Others' perception is what ultimately defines you, e.g. anything in history books or biographical literature. Those recordings are what we know and perceive about those cultures/people/ideas. Therefore that is what they are (in our perception and our reality). So if the actions that I take and the things that I do are perceived as good, then that is what I am, regardless of internal thoughts (good, bad, or neutral) because those are not substantial.

Anyways... That's my take on it as someone who has been an "actor" my whole life.

Perceptions based on what?
14.09.2015 von panteau

I could be an excellent actor and fool the majority of people into believing that I'm "normal," or "good," or what ever word you'd like to use. But who's to say that their idea of what's "good" is right? Just because the majority of people believe something, doesn't mean that we all should.

For me, I know that virtue comes from within. When I go out into the world of people, I may not always be well-liked. Someone might laugh at me, or talk behind my back, or say, "Wow, she's cold-hearted," but as long as I always tell them the truth, help them solve their problems, do them no actual harm, and seek to remedy all the mistakes I make, I know that I'm being the best person I can be. If anyone asks more of me than that, then I know they're asking too much, and such demand comes from a certain type of ignorance, closed-mindedness, and/or fear, and I should help them with that, too, if possible.

As for matters of reputation, I couldn't possibly care less. But that's just me.

Well, not acting, necessarily...
14.10.2015 von Soulix

I, personally, for the longest time just assumed that there was nothing wrong with me. I mean, I guess I kind of always understood that emotions were never really a big part of my life, but no one ever gave any indication that I was any different from them (and if they did I never picked up on it, which may or may not be another symptom of alexi, I don't know). And now that I do know about alexi, I can't help but feel like I'm the different one, and that there is something wrong with me, which is something I've never felt before and it's really weird feeling it now; but even so, it's not something I would talk to someone about else unless they said something first.
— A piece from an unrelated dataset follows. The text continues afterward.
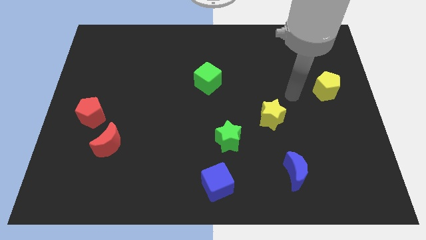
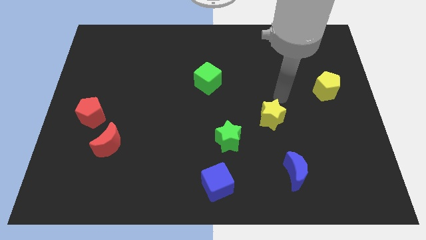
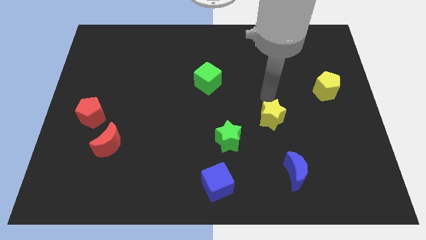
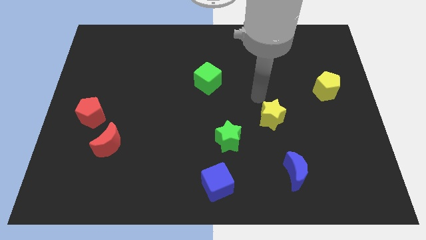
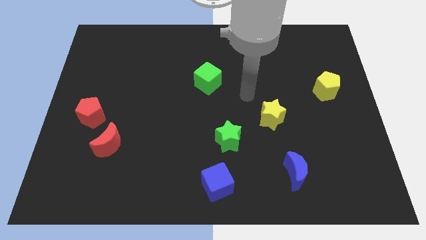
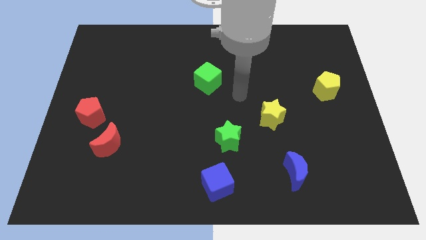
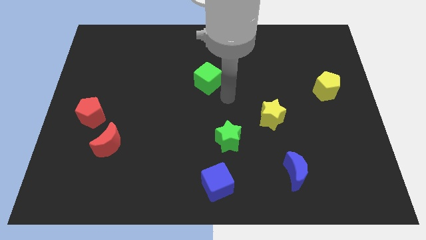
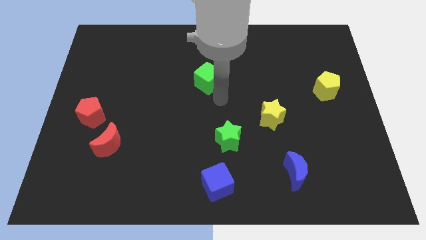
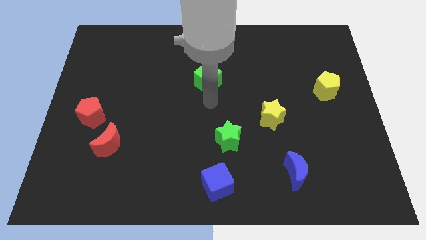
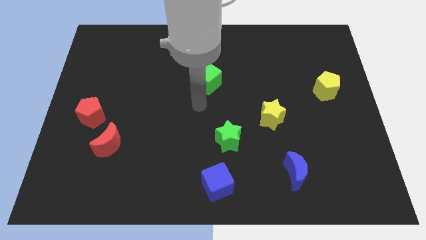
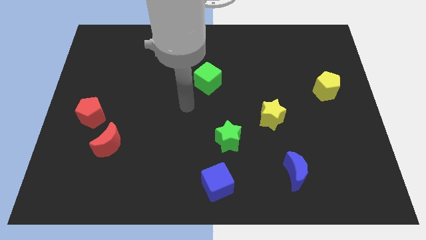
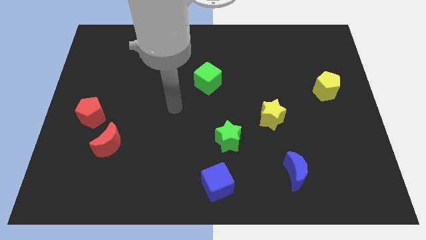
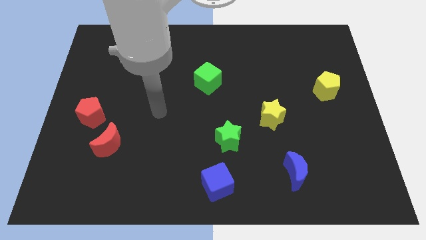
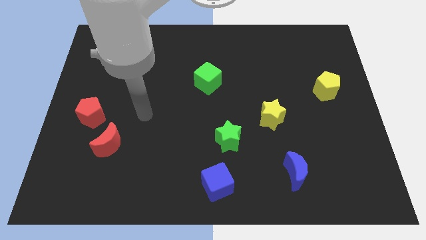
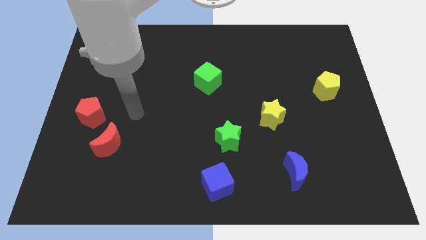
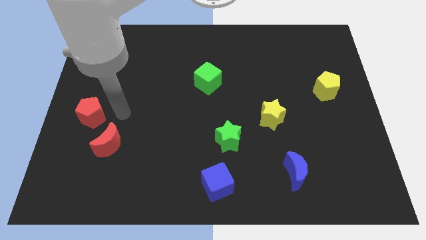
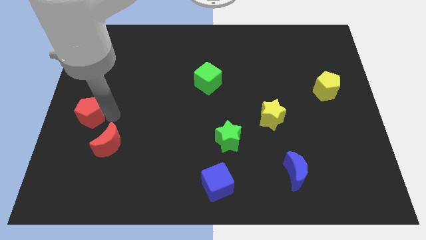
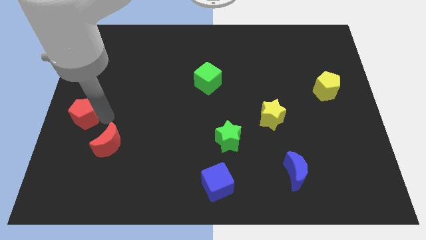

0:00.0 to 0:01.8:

I don't really know where I'm going with this, I guess my point is that it's not acting as much as it is just not addressing it.

Acting
12.11.2015 von Fox

I've never thought of it as acting, but I guess that's what it is.

It's basically what I'd say as a habit. If I'm with people, and something good happens, I smile like everyone else. But I'm not really smiling because I feel happy about what happened, I'm just smiling. And if something bad happens to one of my friends, I put on a sad face and hug them and say sorry. Not because I'm sad, I just do. It's a habit, because that's what everyone else does. I often think they are just doing it with no real emotion behind their smiles and tears as well, but I know deep down that's not true, they are really feeling something.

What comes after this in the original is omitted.